West Virginia cryptids spotted in Wisconsin

Mothman and the Flatwoods Monster sure do get around.

West Virginia’s two most-famous cryptids are currently enjoying renewed interest at their second home these days, in fact.

In northern Wisconsin.

“Oh, yeah,” Alex Burkeland said. “We have kids all the time who buy both. Cryptids are a big deal.”

For the uninitiated, “cryptids” are those animals or creatures — deemed to be of this world or otherwise — that defy characterization.

The name is derived from the practice of cryptozoology.

Is it science, or pseudoscience? Depends upon your degree of cryptid conviction.

Bernard Heuvelmans, a zoologist who traveled the world seeking the origins of the above creatures prominent in local lore, came up with it.

The Loch Ness Monster, of Scotland, is a kindred cryptid. So too is Sasquatch, a proud resident of the Pacific Northwest, when he isn’t starring in beef jerky commercials.

The inimitable Yeti, who haunted the Himalayas for generations as The Abominable Snowman, is most definitely in the cryptid camp.

Here in West Virginia, there’s the Flatwoods Monster, also known as “Braxie.”

That’s in honor of the Braxton County town where the extraterrestrial visitor was said to have terrified a mom and her kids following a purported UFO crash in 1952.

And there’s Mothman, the Mountain State’s cryptid, klieg-light media star.

Mothman was a creature with enormous wings and red eyes known to frequent Point Pleasant, which hugs the banks of the Ohio River in Mason County.

His appearance may have foretold the devastating collapse of the town’s Silver Bridge.

A Hodag — at home

Back to Burkeland, though.

Civic, cryptid connections are what got him into all this.
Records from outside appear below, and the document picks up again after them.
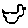
Label: bird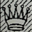
Piece: wQ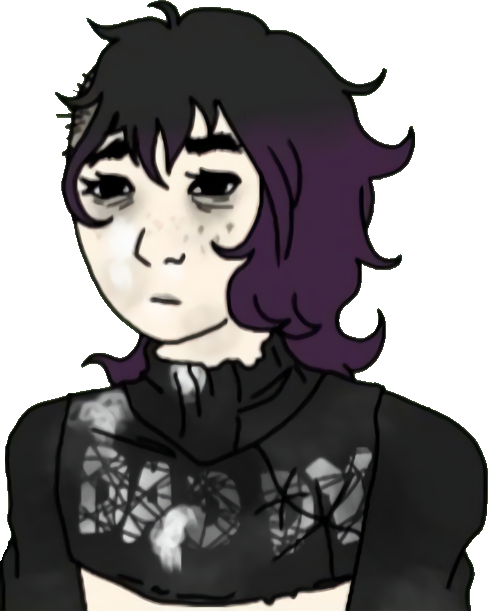
Label: 5_Doomer_Girl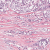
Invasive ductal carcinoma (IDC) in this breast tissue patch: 1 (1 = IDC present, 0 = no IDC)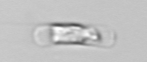
Label: Guinardia_striata
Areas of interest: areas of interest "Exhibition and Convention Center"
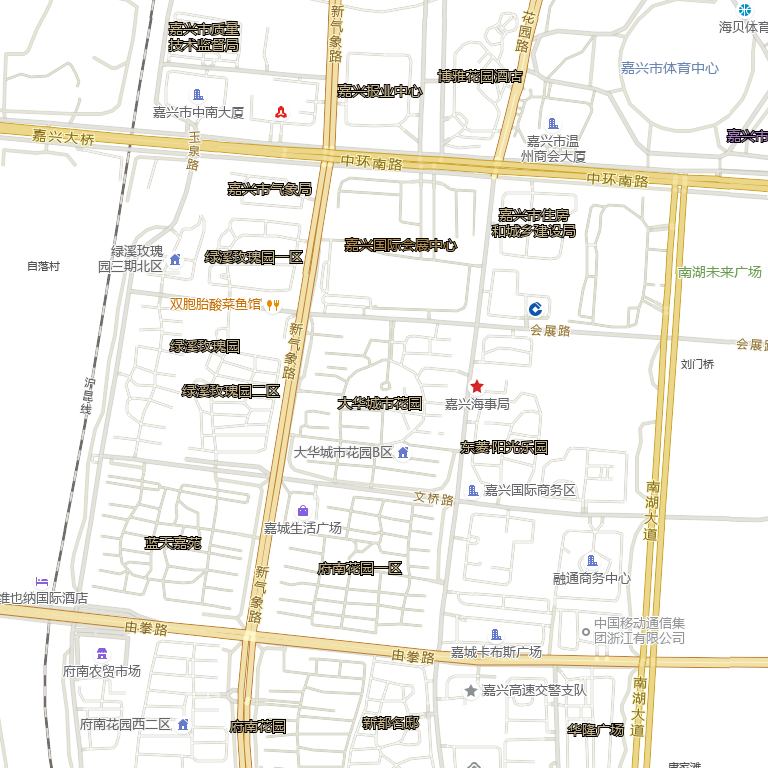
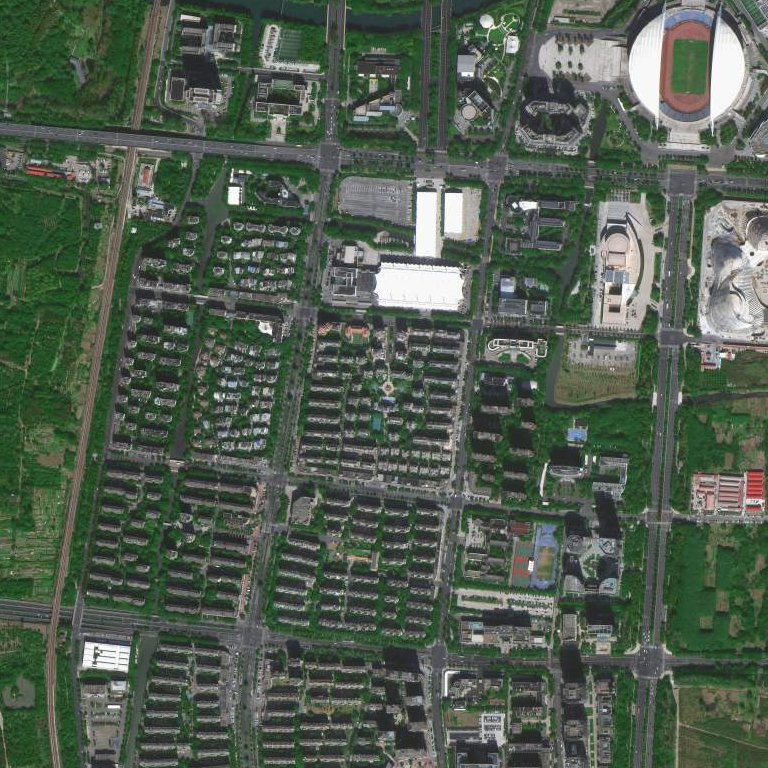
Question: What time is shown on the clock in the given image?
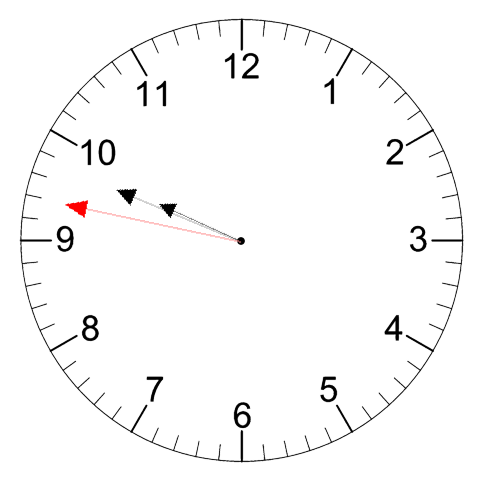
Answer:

Burkland hails from Rhinelander, a popular vacation spot nestled in Wisconsin’s rugged Northwoods region, about a three-hour drive from Milwaukee.

Two years ago, he and his wife Ashley founded Northwoods Bricks, a toy shop and brick-building company — as in LEGO — in their hometown.

Thank the Hodag.

The Hodag is Rhinelander’s resident cryptid.

If, say, you swirled the DNA of an ox, an elephant and a Stegosaurus into a radioactive Petri dish, then let all sit for an eon or two, you just might hatch one.

Hodag sightings go back to the 19th century, when Rhinelander was primarily a logging town.

The cryptid started out being scary, but he’s now quite commonplace in Rhinelander, said Rachel Boehlen, an event-planner and program coordinator for the town’s chamber of commerce.

“We’ve got his image on our water tower and on the sides of our police cruisers and public utility vehicles,” she said.

There’s the Hodag Dome and the fighting Hodags of Rhinelander High School, she added.

“If you grew up here, you also grew up with Hodag,” she said. “He’s everywhere.”

He was also the first product of Northwoods Bricks.

“It was really popular for us,” Burkeland said of the DIY Hodag.

Country (cryptid) Roads

So popular that Burkeland, a cryptid enthusiast from way back, then turned to West Virginia.

The Flatwoods Monster and Mothman, in particular.

Here at home, you’ll find the company’s kits for both at Cryptid Mountain Miniature Golf in Morgantown and the Loving WV store in Fairmont.

Mythical Pizza in Berkeley Springs stocks them, and they also populate the shelves at the Flatwoods Monster Museum in Sutton and Mothman Museum in Point Pleasant, as well.

You may also order your West Virginia cryptid kits online. Visit https://www.northwoodsbricks.com/ for details.

The packaging of said kits contains a biography of the places where the sightings occurred, which Burkeland loves.

“Kids have fun building them, and they learn, too,” he said.

Burkeland likes the shared kinship of rural Wisconsin and rural West Virginia, he said. Good, friendly people populate both locales, he said.

“We have Rhinelander kids now who know all about Braxton County and Point Pleasant.”

He got to know about Point Pleasant in person when he visited the town’s Mothman Festival last year.

There, he regarded the famous statue.

And, its equally iconic backside.

“Yes, I have seen Mothman’s ‘shiny-hiney’ up close,” he said, laughing.